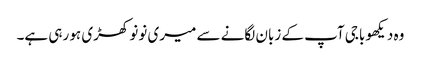
وہ دیکھو باجی آپ کے زبان لگانے سے میری نونو کھڑی ہو رہی ہے۔
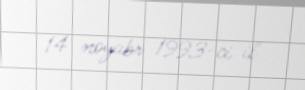
14 noyabr 1993-ci il
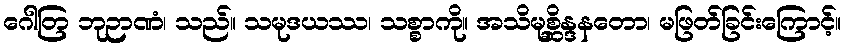
ဂေါတြ ဘုဉာဏံ၊ သည်။ သမုဒယဿ၊ သစ္စာကို။ အသိမုစ္ဆိန္ဒနတော၊ မဖြတ်ခြင်းကြောင့်။
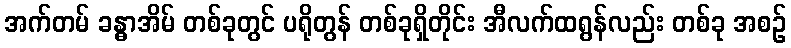
အက်တမ် ခန္ဓာအိမ် တစ်ခုတွင် ပရိုတွန် တစ်ခုရှိတိုင်း အီလက်ထရွန်လည်း တစ်ခု အစဉ်
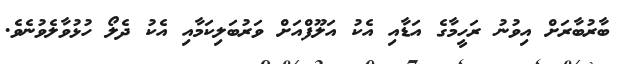
ބާރުބާރަށް އިވުނު ރަހީމާގެ އަޑާއި އެކު އަލޫފްއަށް ވަރުބަލިކަމާއި އެކު ދެލޯ ހުޅުވާލެވުނެވެ.

- - - - - - -

■ **THE TASK**
All of the data needs repeating exactly, but the pictures do not.

■ **WRITTEN ANSWER**
وہ دیکھو باجی آپ کے زبان لگانے سے میری نونو کھڑی ہو رہی ہے۔
14 noyabr 1993-ci il
ဂေါတြ ဘုဉာဏံ၊ သည်။ သမုဒယဿ၊ သစ္စာကို။ အသိမုစ္ဆိန္ဒနတော၊ မဖြတ်ခြင်းကြောင့်။
အက်တမ် ခန္ဓာအိမ် တစ်ခုတွင် ပရိုတွန် တစ်ခုရှိတိုင်း အီလက်ထရွန်လည်း တစ်ခု အစဉ်
ބާރުބާރަށް އިވުނު ރަހީމާގެ އަޑާއި އެކު އަލޫފްއަށް ވަރުބަލިކަމާއި އެކު ދެލޯ ހުޅުވާލެވުނެވެ.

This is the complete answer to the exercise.